* Problem: Output the lines of the records exactly, from the first through the one containing "[0:00.0-0:09.4]". Omit all pictures.

[Recorded data]
*****

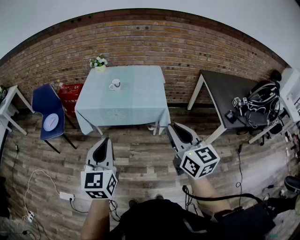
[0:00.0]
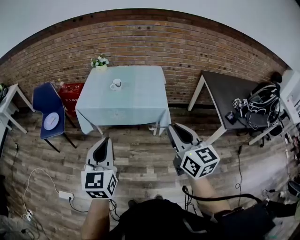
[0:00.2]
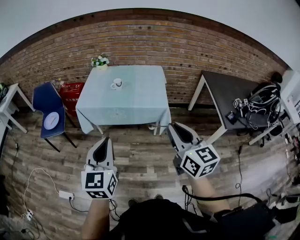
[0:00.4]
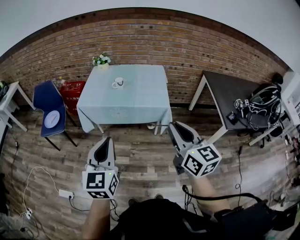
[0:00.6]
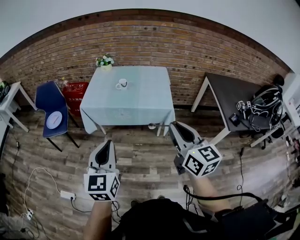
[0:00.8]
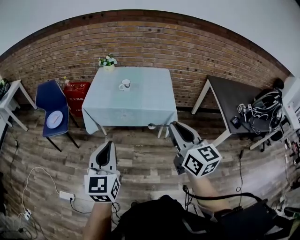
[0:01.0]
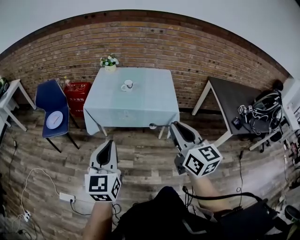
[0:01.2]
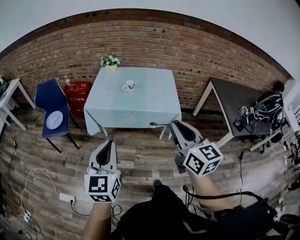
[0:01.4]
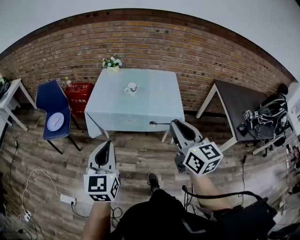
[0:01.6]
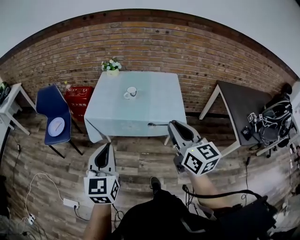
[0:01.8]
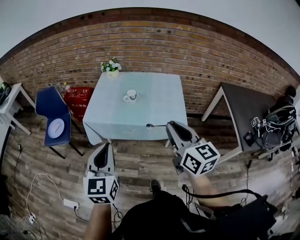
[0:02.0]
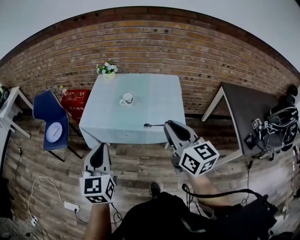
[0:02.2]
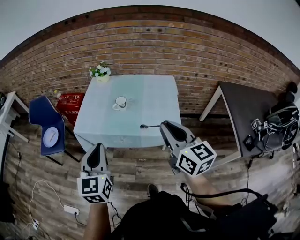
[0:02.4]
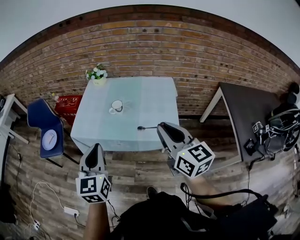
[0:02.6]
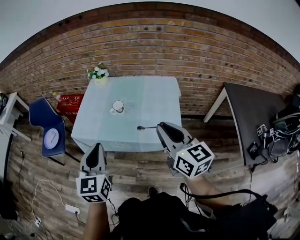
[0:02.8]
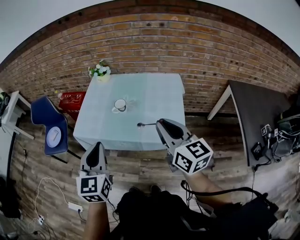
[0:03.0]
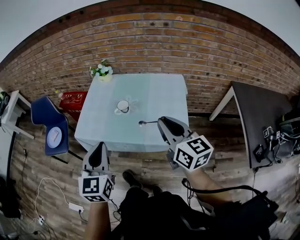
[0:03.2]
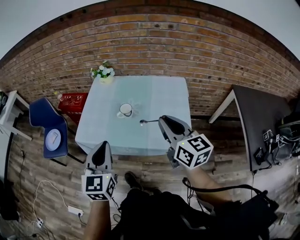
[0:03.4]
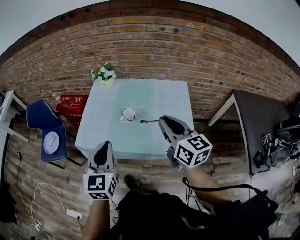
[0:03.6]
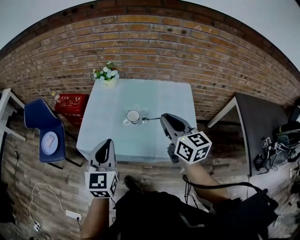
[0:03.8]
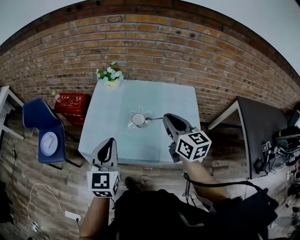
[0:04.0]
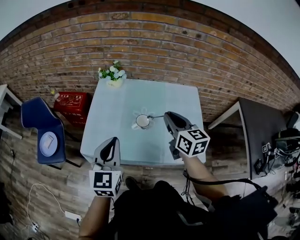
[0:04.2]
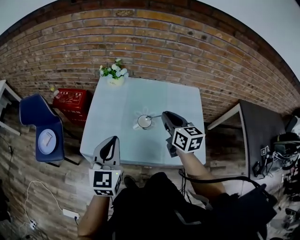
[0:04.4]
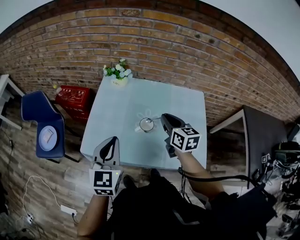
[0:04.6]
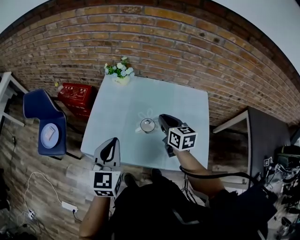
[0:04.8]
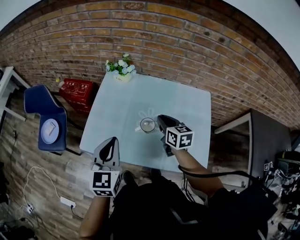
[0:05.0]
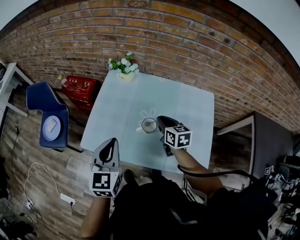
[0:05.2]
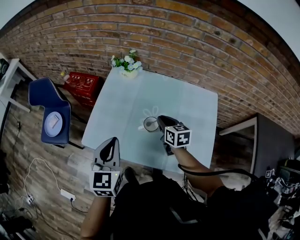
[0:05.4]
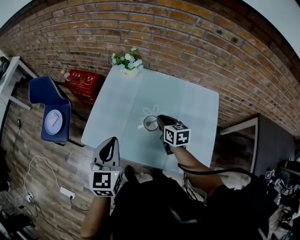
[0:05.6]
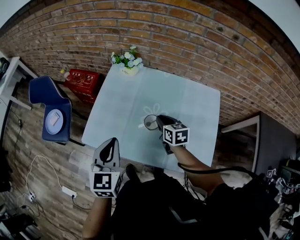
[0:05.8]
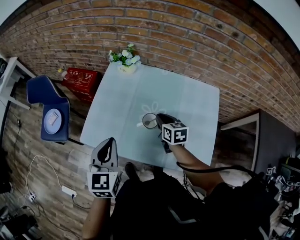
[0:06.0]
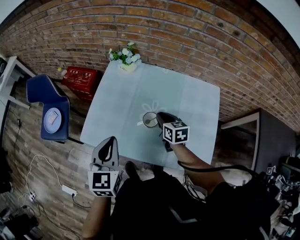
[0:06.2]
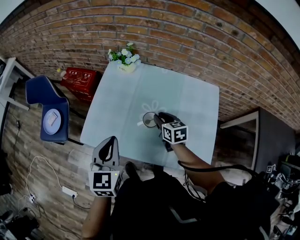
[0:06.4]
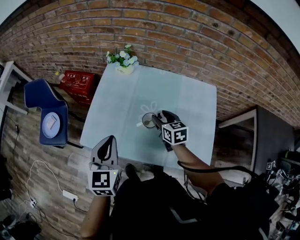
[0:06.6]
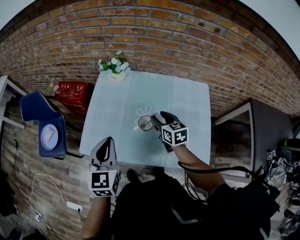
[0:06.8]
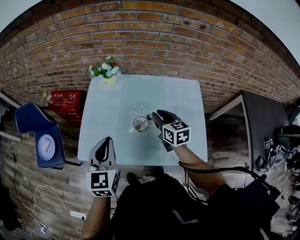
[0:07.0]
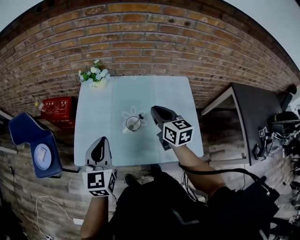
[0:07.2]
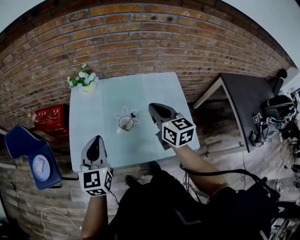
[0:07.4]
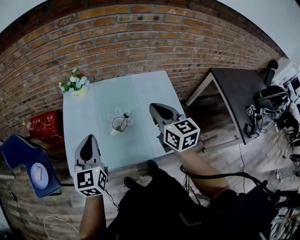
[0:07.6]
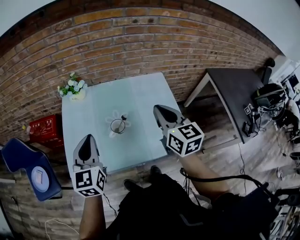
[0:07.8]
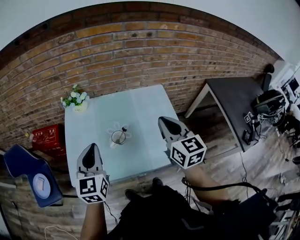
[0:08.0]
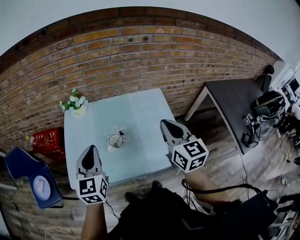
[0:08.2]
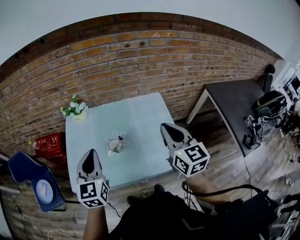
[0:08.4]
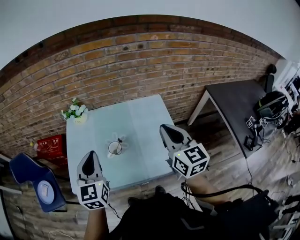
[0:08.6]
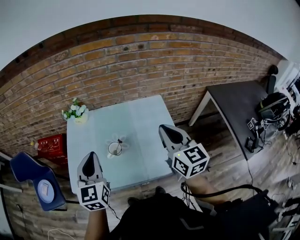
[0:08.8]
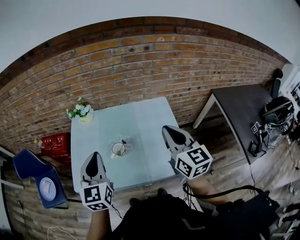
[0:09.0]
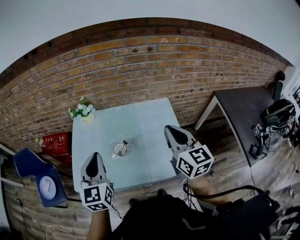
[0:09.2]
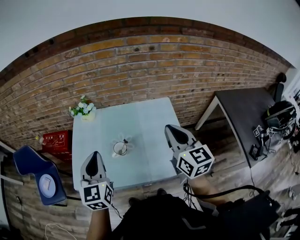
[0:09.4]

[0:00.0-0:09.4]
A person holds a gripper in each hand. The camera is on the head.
0:00.0 to 0:01.6: The left gripper heads to the left and forward, covering some 10 cm; the right gripper shifts roughly 15 cm forward and to the left.
0:01.6 to 0:03.2: Both grippers move forward and to the right, some 30 cm.
0:03.2 to 0:04.8: The right gripper travels forward and downward by approximately 30 cm. The left gripper moves forward, roughly 20 cm.
0:04.8 to 0:06.2: The right gripper heads downward, covering about 10 cm.
0:06.2 to 0:07.8: The right gripper goes some 25 cm upward and backward, changes its angle by some 30 degrees, and opens and closes again, while the left gripper moves some 5 cm, and swivels roughly 20 degrees.
0:07.8 to 0:09.4: The right gripper goes approximately 10 cm to the right and upward; the left gripper changes place by some 5 cm.

*****

* Completed exercise:
[0:00.0]
[0:00.2]
[0:00.4]
[0:00.6]
[0:00.8]
[0:01.0]
[0:01.2]
[0:01.4]
[0:01.6]
[0:01.8]
[0:02.0]
[0:02.2]
[0:02.4]
[0:02.6]
[0:02.8]
[0:03.0]
[0:03.2]
[0:03.4]
[0:03.6]
[0:03.8]
[0:04.0]
[0:04.2]
[0:04.4]
[0:04.6]
[0:04.8]
[0:05.0]
[0:05.2]
[0:05.4]
[0:05.6]
[0:05.8]
[0:06.0]
[0:06.2]
[0:06.4]
[0:06.6]
[0:06.8]
[0:07.0]
[0:07.2]
[0:07.4]
[0:07.6]
[0:07.8]
[0:08.0]
[0:08.2]
[0:08.4]
[0:08.6]
[0:08.8]
[0:09.0]
[0:09.2]
[0:09.4]

[0:00.0-0:09.4]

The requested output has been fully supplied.